Wonder Walls Mission Statement
Art from the community for the community.
Rather than staring at blank walls while you eat, why not have a side-order of art that has been painted, photographed, drawn and designed by local people from Thornton estate and beyond. The art will include a mix of amateur and professional work; pieces produced by all ages and backgrounds – from kids to ‘codgers’ – from Caville Place to Kurdistan. The scheme of work will encourage the local community to engage with art and also provide an opportunity for existing artists to display work that is appropriate to a friendly community environment.
- 2.5 years
- 12 exhibitions
- 8 individual artists
- 4 groups
- 4 progressions
- Artist helps Artist: the next artist to exhibit helps the previous artist take down their work. Then in turn, the previous artist helps the next artist put their work up. Simple.
Our Artists in Residence programme sees commissioned artists working alongside residents and the community of Thornton Estate.
How it all began…
Back in 2010, The Goodwin Development Trust felt that the residents of Thornton Estate should be given the opportunity to see the determination and commitment of their community captured and portrayed on canvas – and so began the Artists in Residence initiative, which sought out local gifted art students and partnered them with local people.

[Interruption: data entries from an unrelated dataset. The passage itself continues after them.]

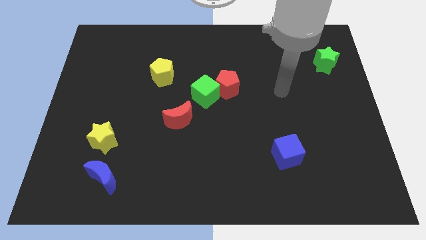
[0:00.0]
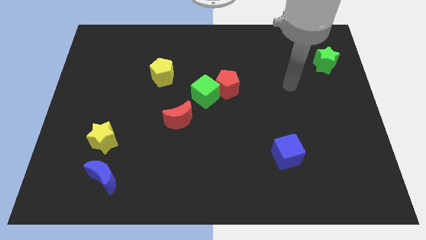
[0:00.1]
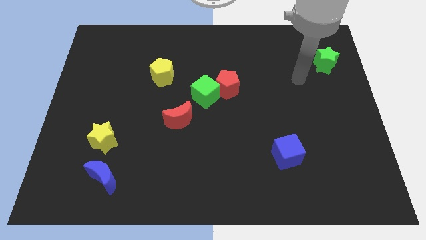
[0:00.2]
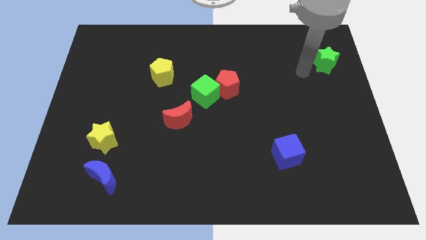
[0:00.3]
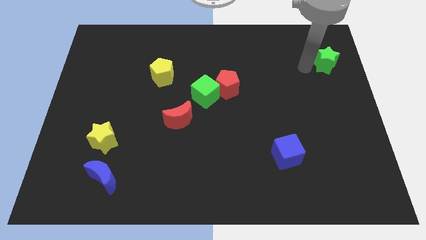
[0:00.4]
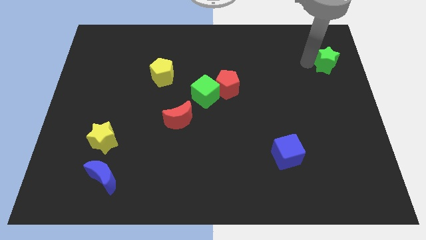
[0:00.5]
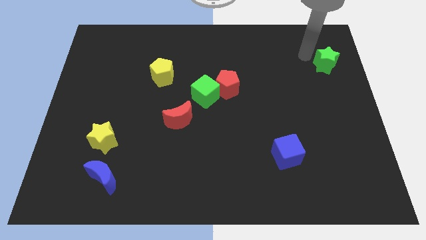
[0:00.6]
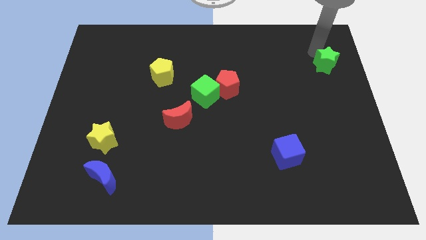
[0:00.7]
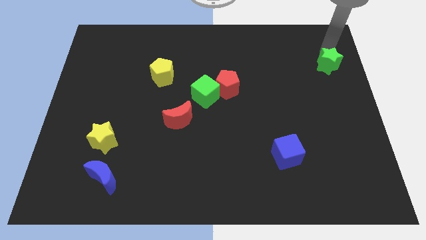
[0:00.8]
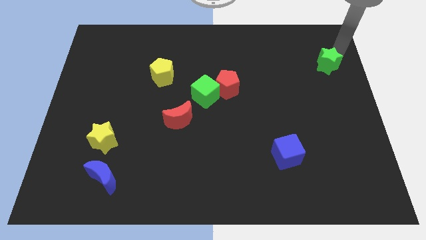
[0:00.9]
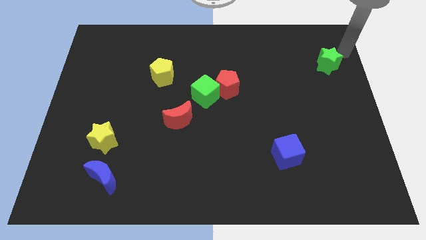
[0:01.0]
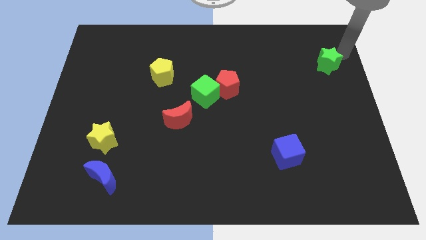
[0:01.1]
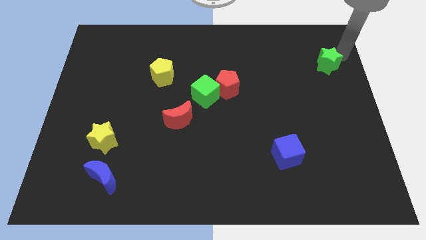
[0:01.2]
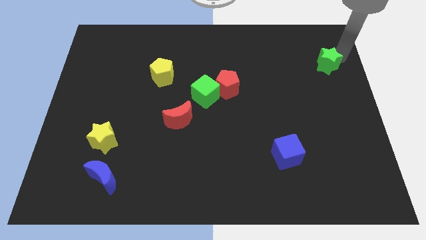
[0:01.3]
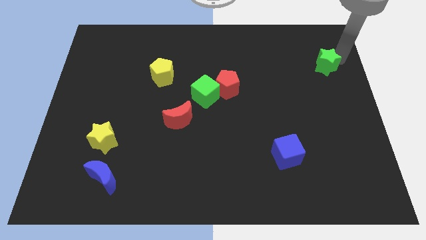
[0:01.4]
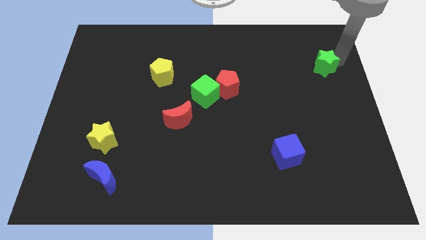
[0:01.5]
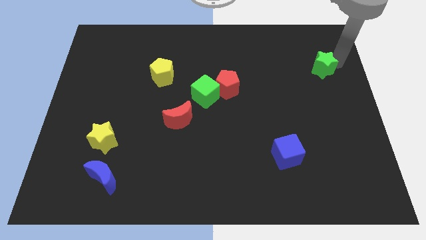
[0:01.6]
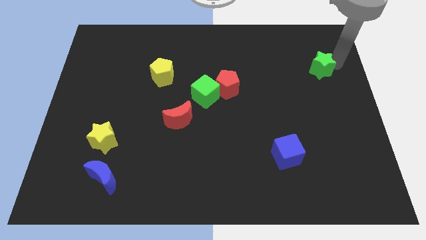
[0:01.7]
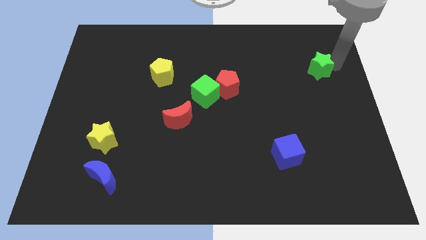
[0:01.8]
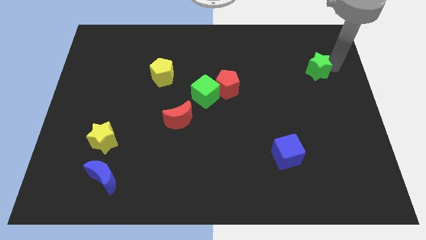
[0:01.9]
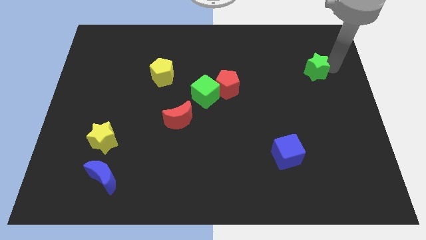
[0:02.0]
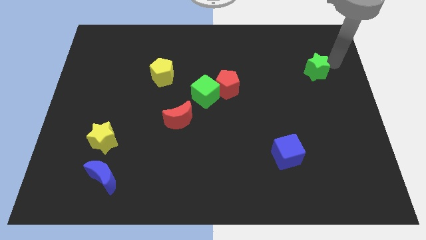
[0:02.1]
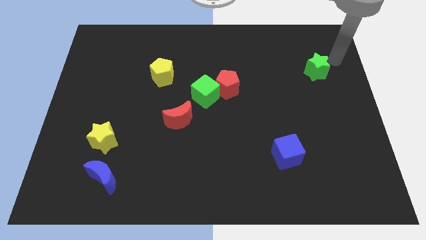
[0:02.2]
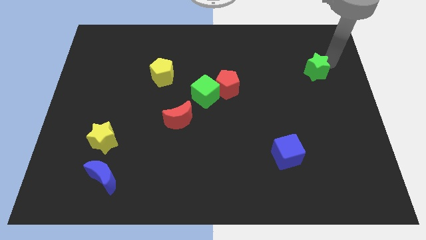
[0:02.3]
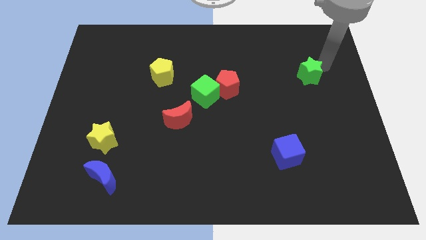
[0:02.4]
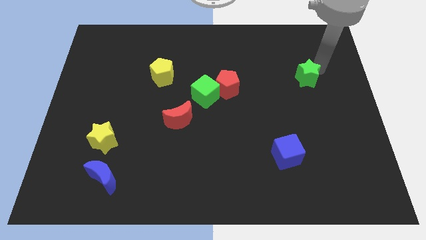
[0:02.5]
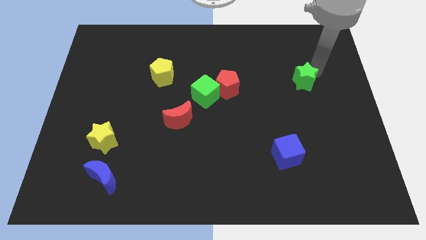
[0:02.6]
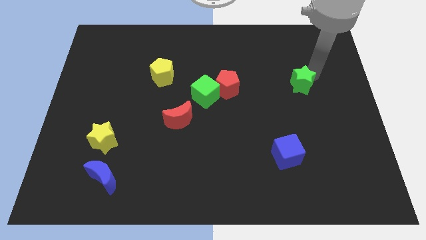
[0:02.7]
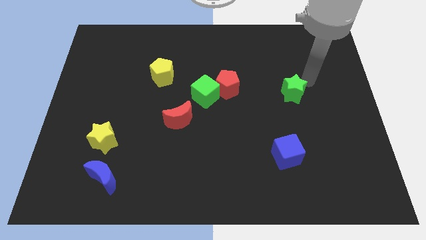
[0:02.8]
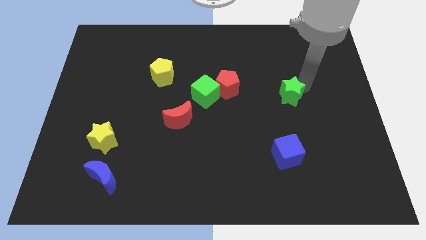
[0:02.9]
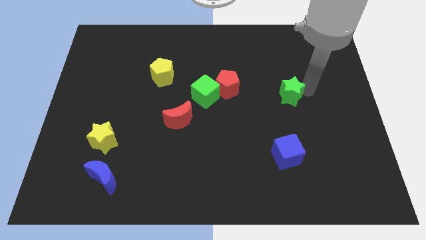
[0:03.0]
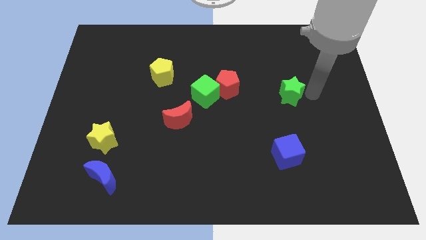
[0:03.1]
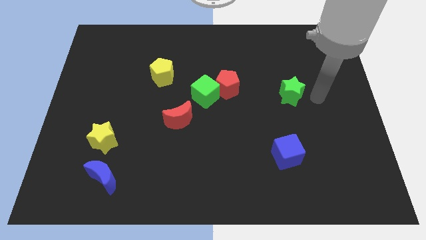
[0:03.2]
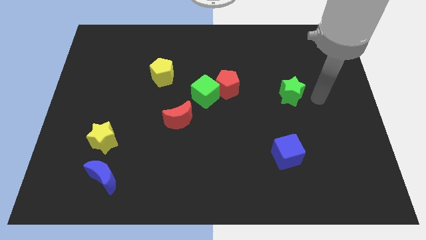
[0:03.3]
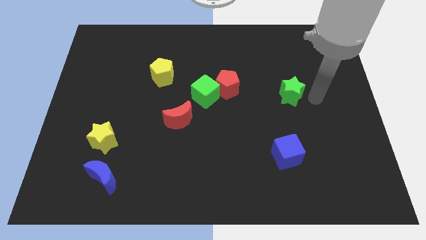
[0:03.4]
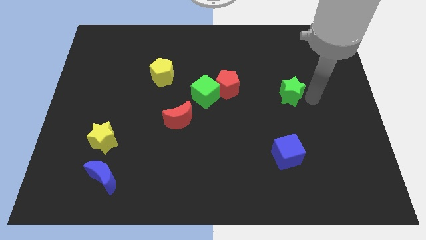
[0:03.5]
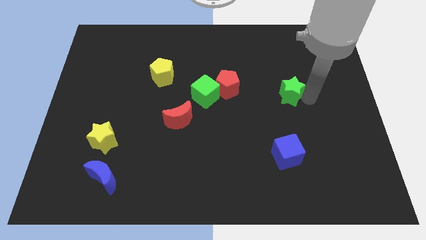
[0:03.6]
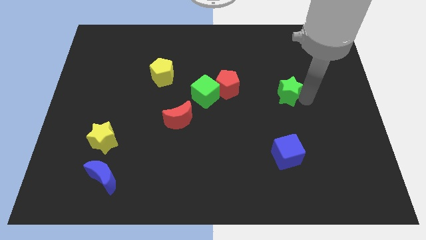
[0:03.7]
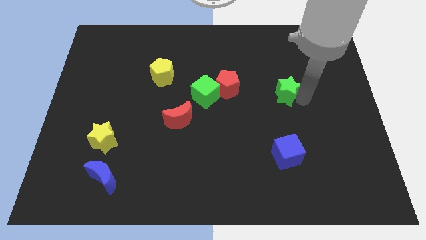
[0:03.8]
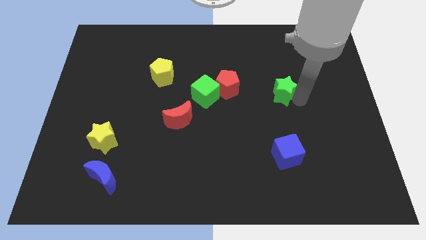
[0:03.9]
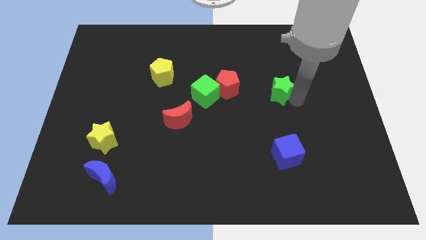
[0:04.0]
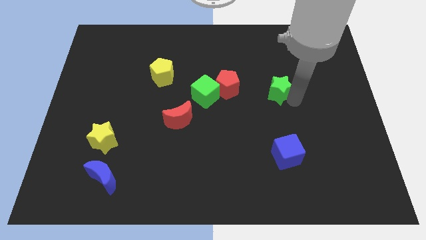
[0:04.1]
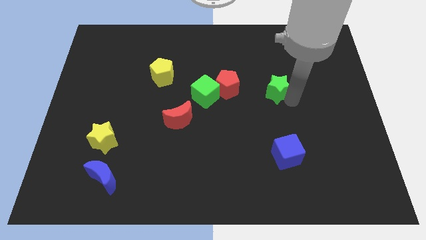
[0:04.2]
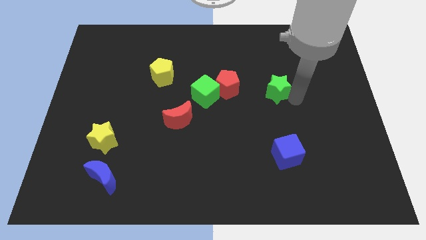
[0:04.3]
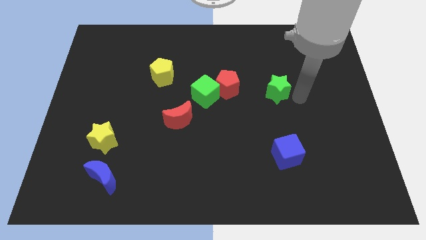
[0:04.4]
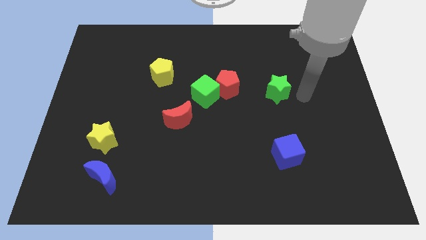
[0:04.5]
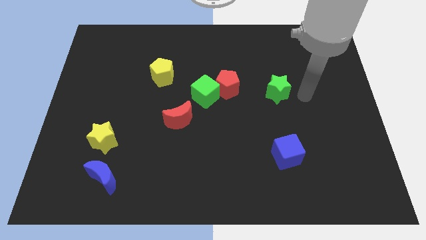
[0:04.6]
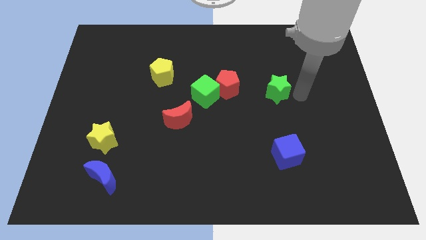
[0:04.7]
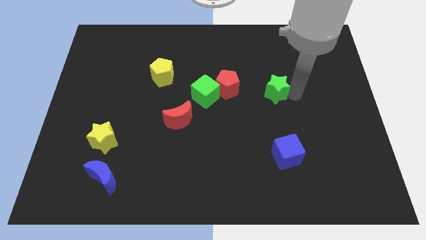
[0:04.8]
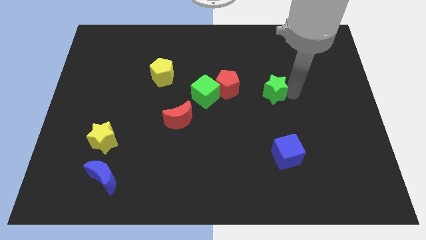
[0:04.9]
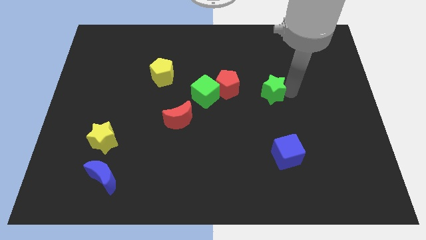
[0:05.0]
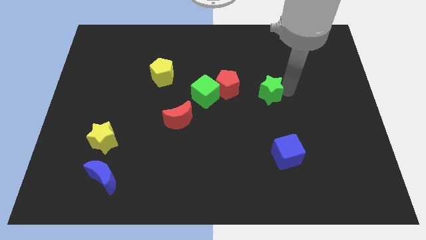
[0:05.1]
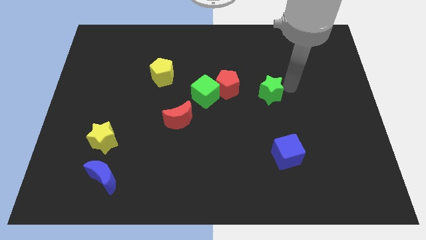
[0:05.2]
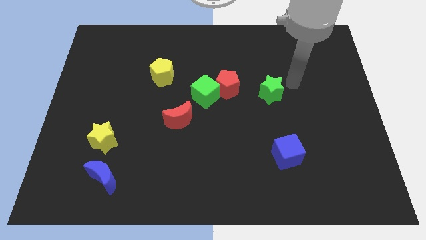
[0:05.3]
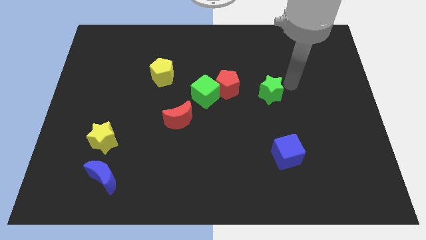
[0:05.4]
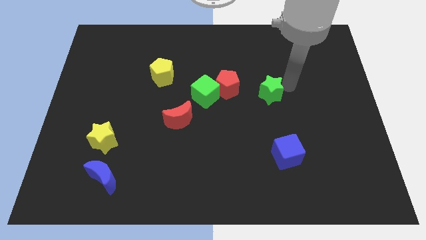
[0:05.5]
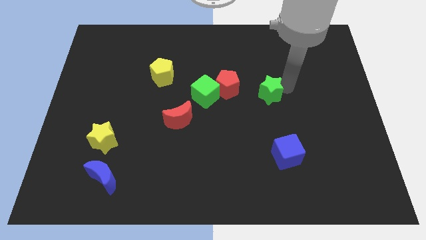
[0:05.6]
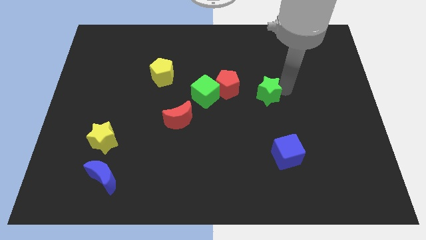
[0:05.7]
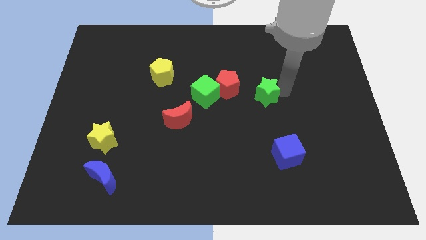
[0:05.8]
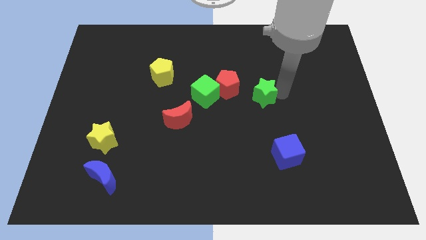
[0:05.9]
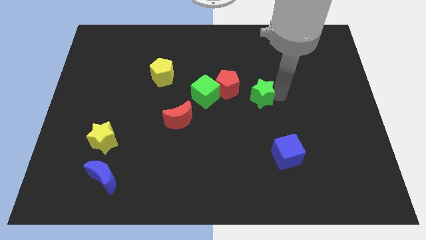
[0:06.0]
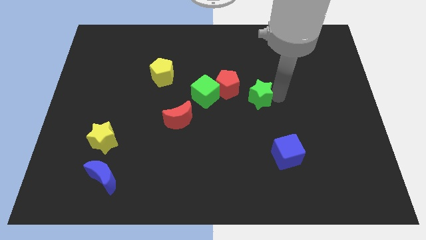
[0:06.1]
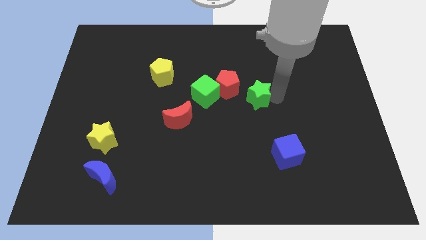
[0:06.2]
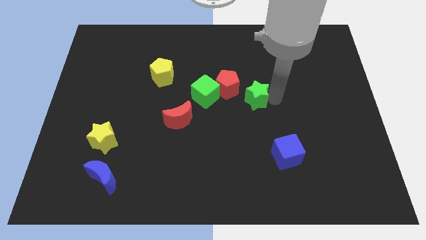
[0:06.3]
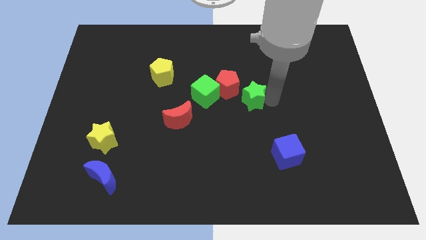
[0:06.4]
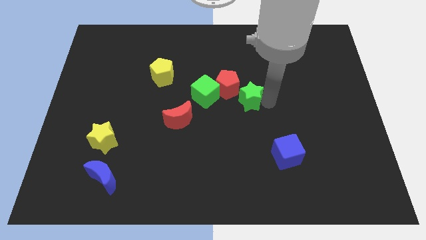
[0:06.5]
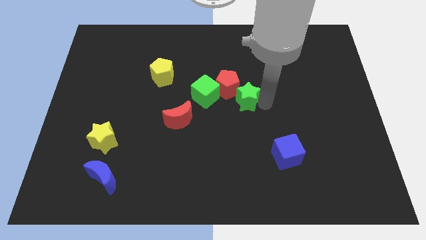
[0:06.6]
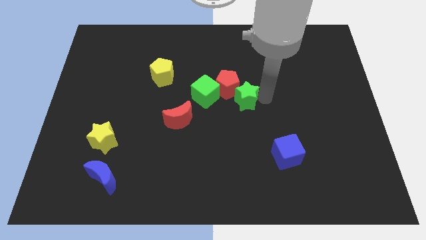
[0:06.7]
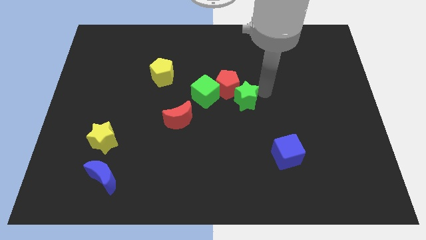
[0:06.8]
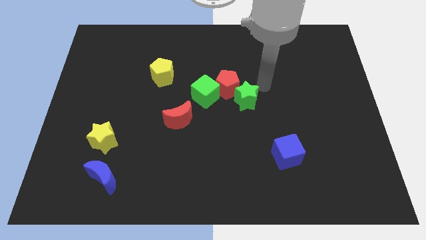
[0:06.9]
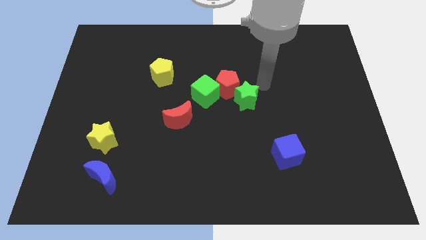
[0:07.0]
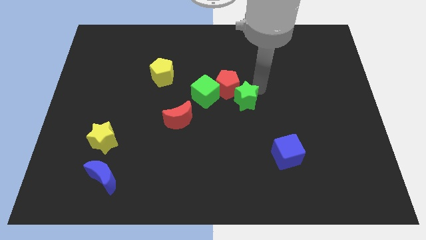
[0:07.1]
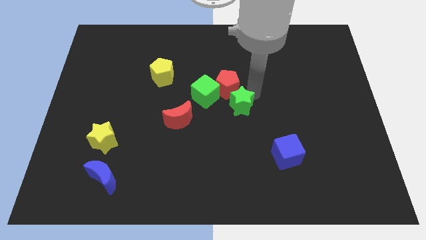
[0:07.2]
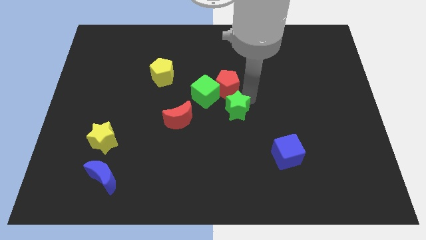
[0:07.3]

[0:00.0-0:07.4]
slide the green star just right of the red moon

Goodwin had developed a close working partnership with the Hull College Group and Lizzi Hayes, a student at Hull College of Art & Design was brought to our attention by her course tutors who viewed her talent as ‘exceptional’. Her focus was on portraiture – seeking inspiration from the ‘Old Masters’. She needed models and Goodwin had no shortage of willing candidates. She was also looking for experience of working within a community that might be classed as ‘hard to reach’.

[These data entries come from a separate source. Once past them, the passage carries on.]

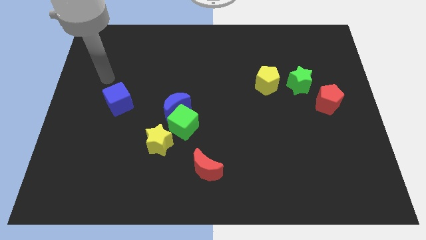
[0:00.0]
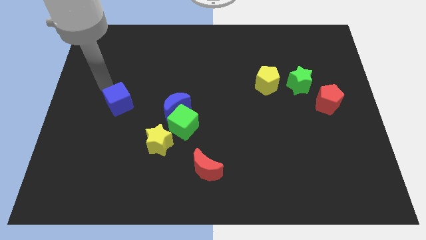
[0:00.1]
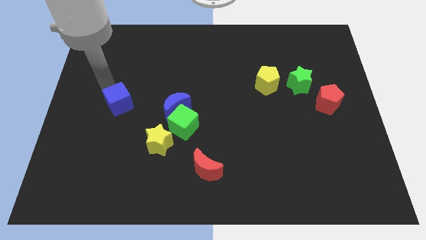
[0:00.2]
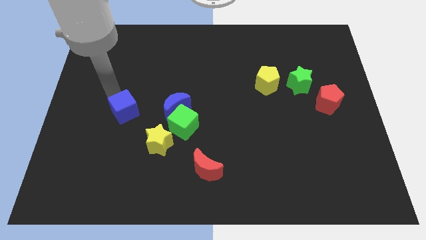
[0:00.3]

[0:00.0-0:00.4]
push the blue cube to the top left side of the yellow star

Goodwin’s Darley’s Youth and Arts Centre was packed out for the preview of E.J. Hayes’ portraits of the residents of Thornton Estate. As our Chairman Stuart Spandler succinctly put it: “This exhibition is what Goodwin is all about – showing the world that the Thornton Estate is a proud and thriving community of good people.”
We continue to work closely with the Hull College of Art & Design and involve the students in the creative practice of our commissioned artists in residence.
Artists in Residence // 2016-17
This year sees two commissioned artists, Carla Moss and Andy Pea, working alongside residents and the community of Thornton Estate until 2017.
Artists in Residence // 2014-15
This was our first year as a fully funded arts programme delivered under the banner of ‘Estate of the Nation’, and also the 20th anniversary of the Goodwin Trust.
Our artists in residence were Silvio Palladino, Andy Pea and Middle Child Theatre.
Back in Jan 2012 Middle Child were an acclaimed theatrical group looking for a home – Goodwin Development Trust had a newly-developed Youth and Arts Centre that was crying out for a theatrical group. The rest – as they say – is five-star review history.
In the 2 dynamic years since Jan 2012, Middle Child have developed and rehearsed all 9 of their critically-acclaimed productions on the sunlight strewn top-floor performance space of Goodwin’s Darleys Youth and Arts Centre. They have also delivered 42 weekly drama sessions for local children; numerous free performances for Goodwin Trust projects and their clients; and have constantly assured accessibility to theatre for everybody by ensuring the availability of free tickets for all their performances in local venues.
We are now in the process of formalising what has been a hugely creative partnership. Why would a charitable trust tackling social ills strike a partnership with a theatrical group?.. Why not?… especially given Middle Child’s mission statement:
“We exist to create work which appeals to an audience who do not consider the theatre an exciting place to be. We do not want an audience that sit quietly and listen intently – we want one that dance and drink, talk and text and that are loud and demanding. We want to create theatre that gets an audience’s blood pumping as much as a nightclub, a football match, a gig. Most importantly, we want to offer a good night out.”
Although it sounds like the name of a long-defunct 1970s prog-rock group – The Memory Project was actually one of the Goodwin Development Trust’s greatest artistic endeavours. Inspired by Brazilian artist Fabiane Parella’s work with recent migrant communities (predominantly mothers and children) safeguarding memories of what they’d both left behind and brought with them as keepsakes – Goodwin commissioned Fabiane to bring the Memory Project to life as part of International Refugee Week – smack bang in the middle of Hull’s Transport Interchange.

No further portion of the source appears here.